Страх, который вчера вечером удалось прогнать, нагло разбудил его.

Пьетро Морони открыл один глаза и поймал в фокус большой будильник с Микки Маусом, весело тикавший на тумбочке.

Без десяти шесть.

"Ни за что не пойду сегодня в школу".

Он потрогал лоб, надеясь, что у него жар.

Лоб был холодным, как у покойника.

В маленькое окошко рядом с кроватью проникал лучик света, освещавший угол спальни. Брат спал. Подушка на голове. Длинная, белая, как мякоть трески, ступня торчала из-под одеяла.

Пьетро встал, сунул ноги в тапочки и пошел в туалет.

В туалете было холодно. Пар шел изо рта. Мочась, он протер рукой запотевшее стекло и глянул наружу.

Какая противная погода.

Небо было покрыто однородной массой облаков, мрачно нависших над мокрой деревней.

Когда случался сильный дождь, Пьетро садился в желтый школьный автобус. Остановка находилась почти в километре от дома (к Дому под фикусом не подъезжали, потому что дорога была вся в ямах). Его всегда провожал отец, но в основном пешком, под зонтиком. Если шел мелкий дождь, Пьетро надевал желтый плащ и резиновые сапоги и ехал в школу на велосипеде.

Мама уже спустилась на кухню.

Оттуда был слышен стук кастрюль и поднимался запах жареного.

Загор лаял.

Пьетро выглянул в окно.

Отец в дождевике возился в загоне, он брал мешки с цементом, лежавшие у собачьей конуры.
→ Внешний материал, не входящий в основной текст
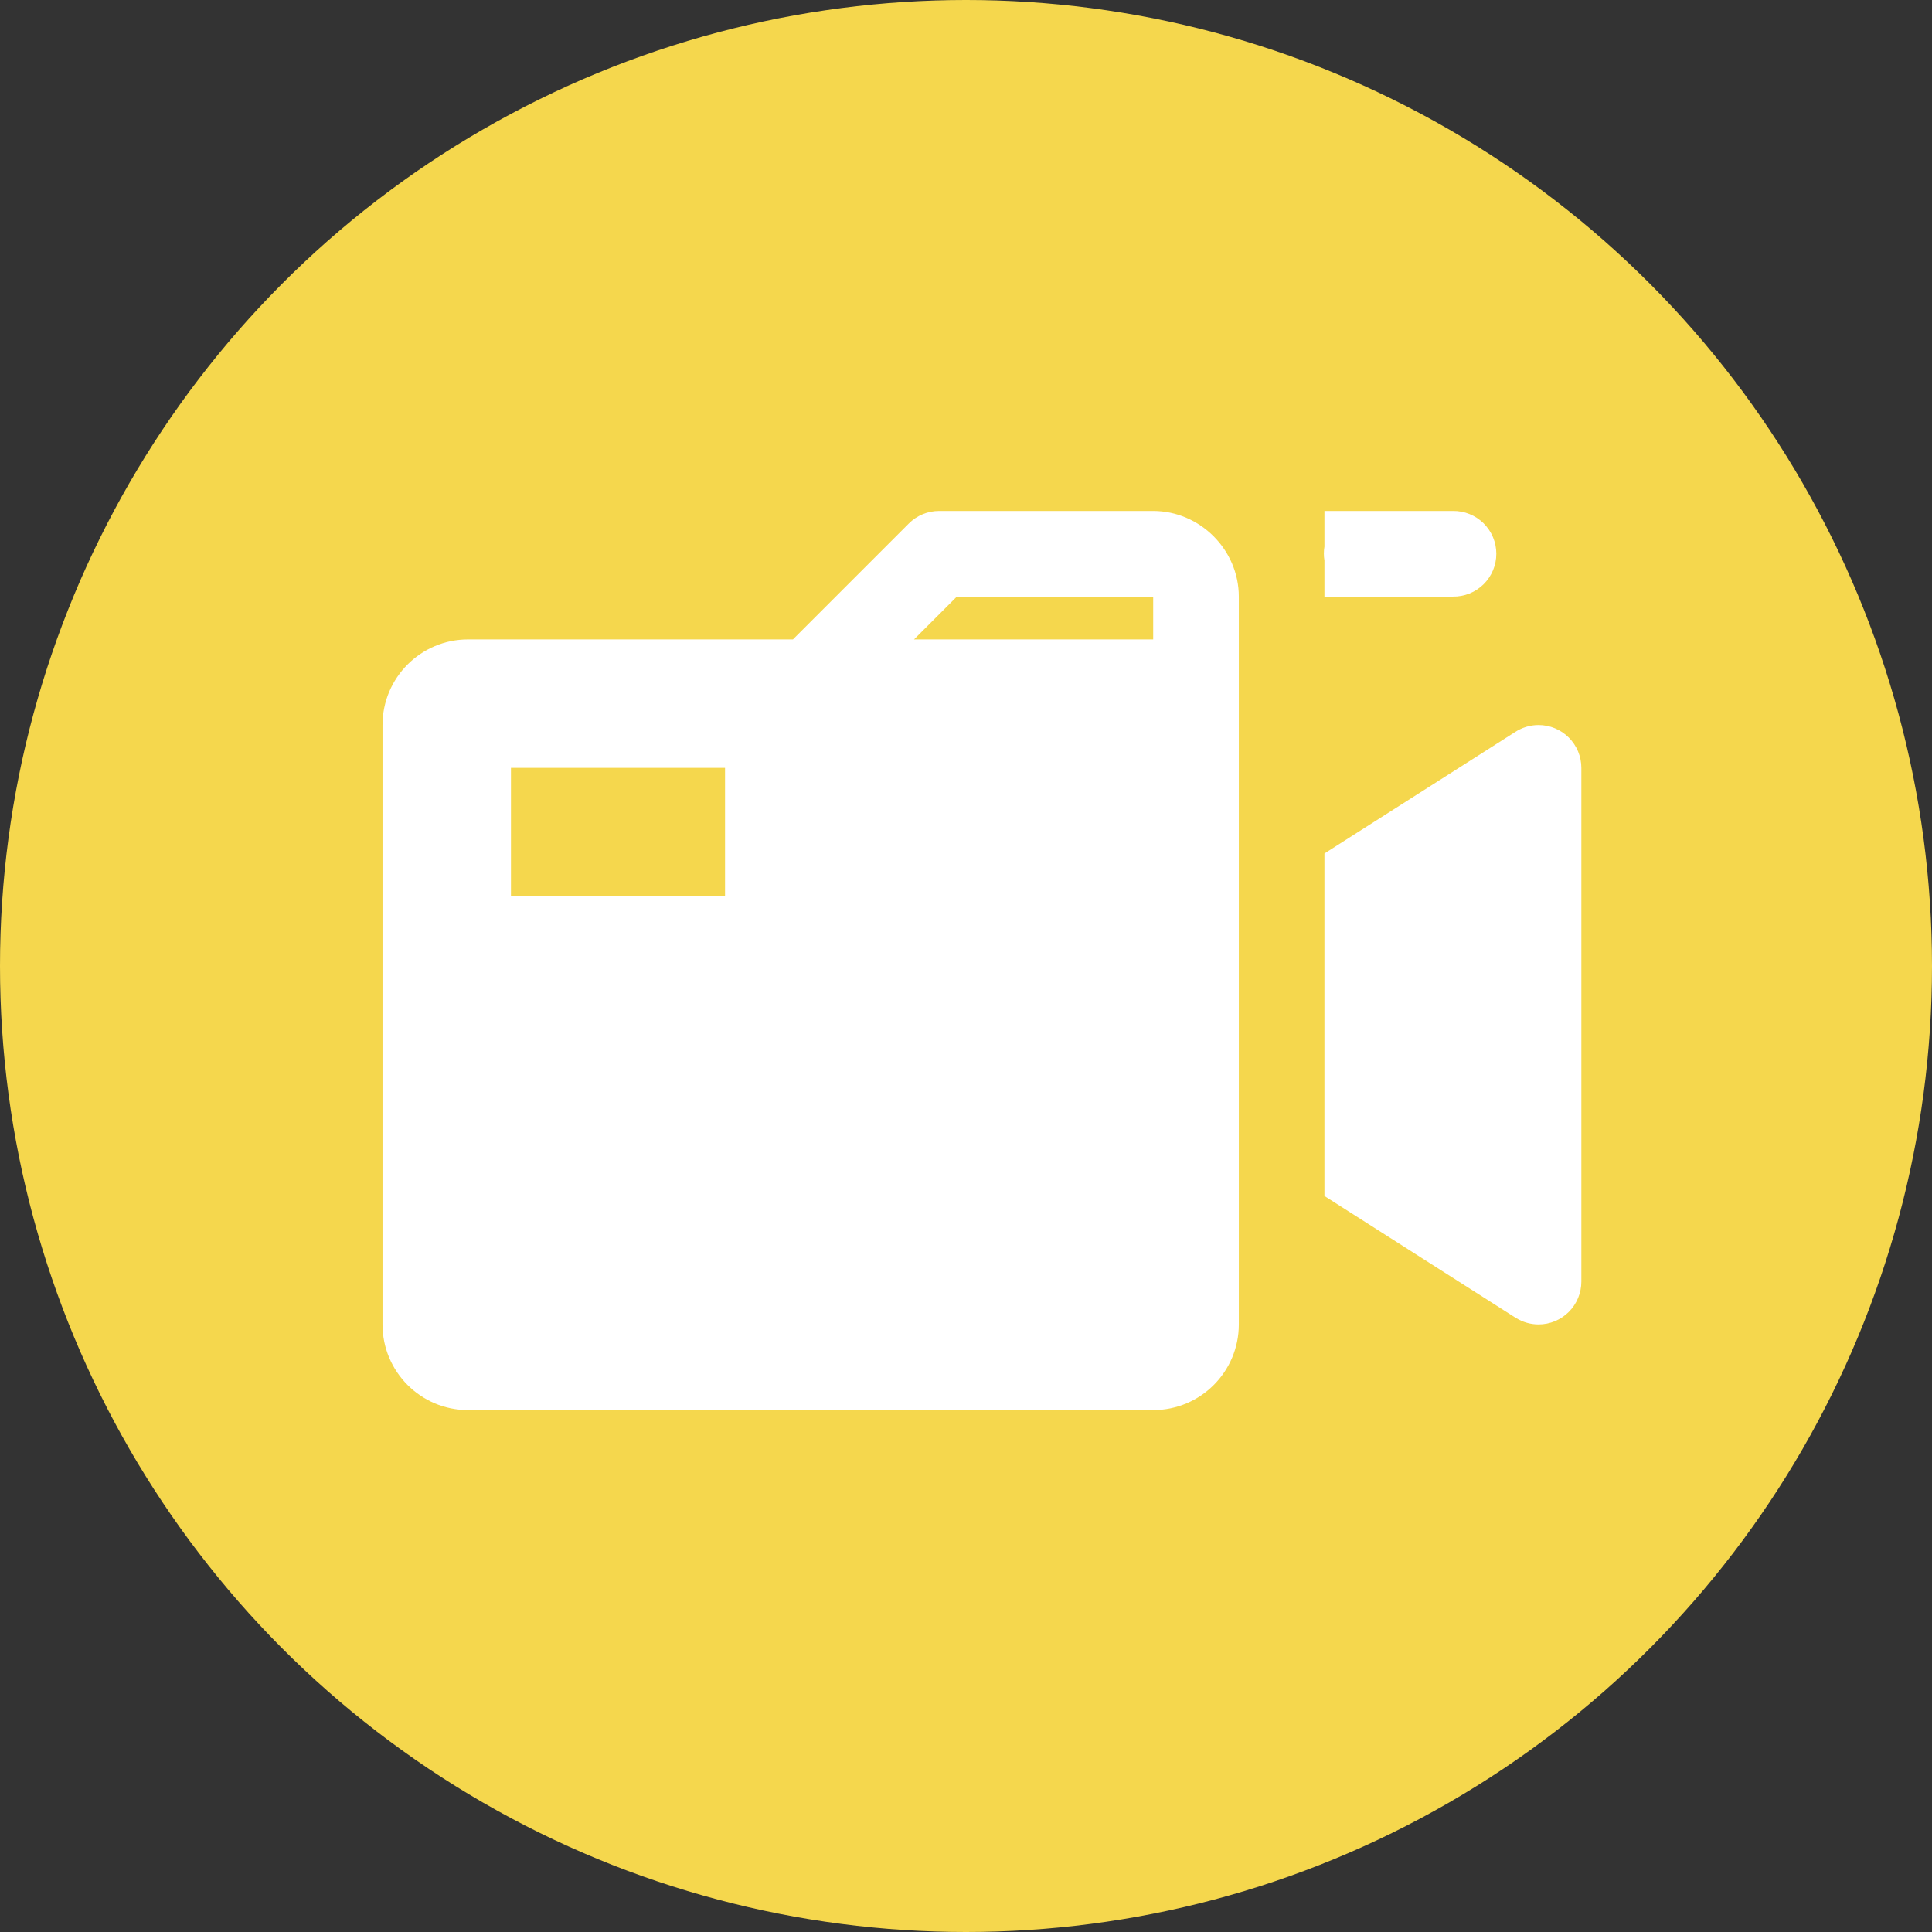 <?xml version="1.0"?>
<svg xmlns="http://www.w3.org/2000/svg" width="91" height="91" viewBox="0 0 91 91" fill="none">
<rect x="0" y="0" width="91" height="91" fill="#333333" stroke="none"/>
<circle cx="45.5" cy="45.5" r="45.5" fill="#F5D74D"/>
<path d="M44.233 24.067C43.699 24.067 43.186 24.279 42.808 24.657L37.349 30.117H22.05C19.822 30.117 18.017 31.922 18.017 34.15V62.383C18.017 64.612 19.822 66.417 22.05 66.417H54.317C56.545 66.417 58.35 64.612 58.35 62.383V34.15V28.1C58.35 25.896 56.521 24.067 54.317 24.067H44.233ZM62.383 24.067V25.745C62.347 25.962 62.347 26.185 62.383 26.402V28.1H64.4H66.417H68.433C68.701 28.104 68.966 28.054 69.214 27.955C69.462 27.855 69.688 27.707 69.878 27.52C70.068 27.332 70.219 27.108 70.323 26.862C70.426 26.615 70.479 26.351 70.479 26.083C70.479 25.816 70.426 25.552 70.323 25.305C70.219 25.058 70.068 24.835 69.878 24.647C69.688 24.459 69.462 24.312 69.214 24.212C68.966 24.112 68.701 24.063 68.433 24.067H66.417H64.4H62.383ZM45.069 28.1H54.317V30.117H43.052L45.069 28.1ZM72.467 34.15C72.067 34.15 71.676 34.27 71.344 34.493L62.383 40.2V48.267V56.333L71.317 62.025C71.349 62.045 71.382 62.065 71.415 62.084C71.731 62.279 72.095 62.382 72.467 62.383C73.002 62.383 73.515 62.171 73.893 61.793C74.271 61.414 74.484 60.901 74.484 60.367V48.267V36.167C74.484 35.632 74.271 35.119 73.893 34.741C73.515 34.362 73.002 34.15 72.467 34.15ZM24.067 36.167H34.15V42.217H24.067V36.167Z" fill="white"/>
</svg>

Сидевший на цепи Загор скулил, прыгал по грязи, вилял хвостом, старясь привлечь внимание.

Рассказать ему?

Отец не удостаивал животное взглядом, словно его и не было, поднимал один мешок, взваливал на плечо, потом, опустив голову, скидывал его в прицеп трактора и возвращался за следующим мешком.

Может, надо рассказать ему? Рассказать все, сказать, что его заставили залезть в школу.

"Папа, извини, мне надо кое-что тебе сказать, вчера…"

Нет.

Он чувствовал, что отец не поймет и разозлится. Очень разозлится.

А если он узнает потом, разве не будет хуже?

"Но я же не виноват".

Он как следует отряхнул член и помчался в комнату.

Надо прекратить думать, что он не виноват. Это ничего не меняет, даже все осложняет. Надо прекратить думать о школе. Надо спать.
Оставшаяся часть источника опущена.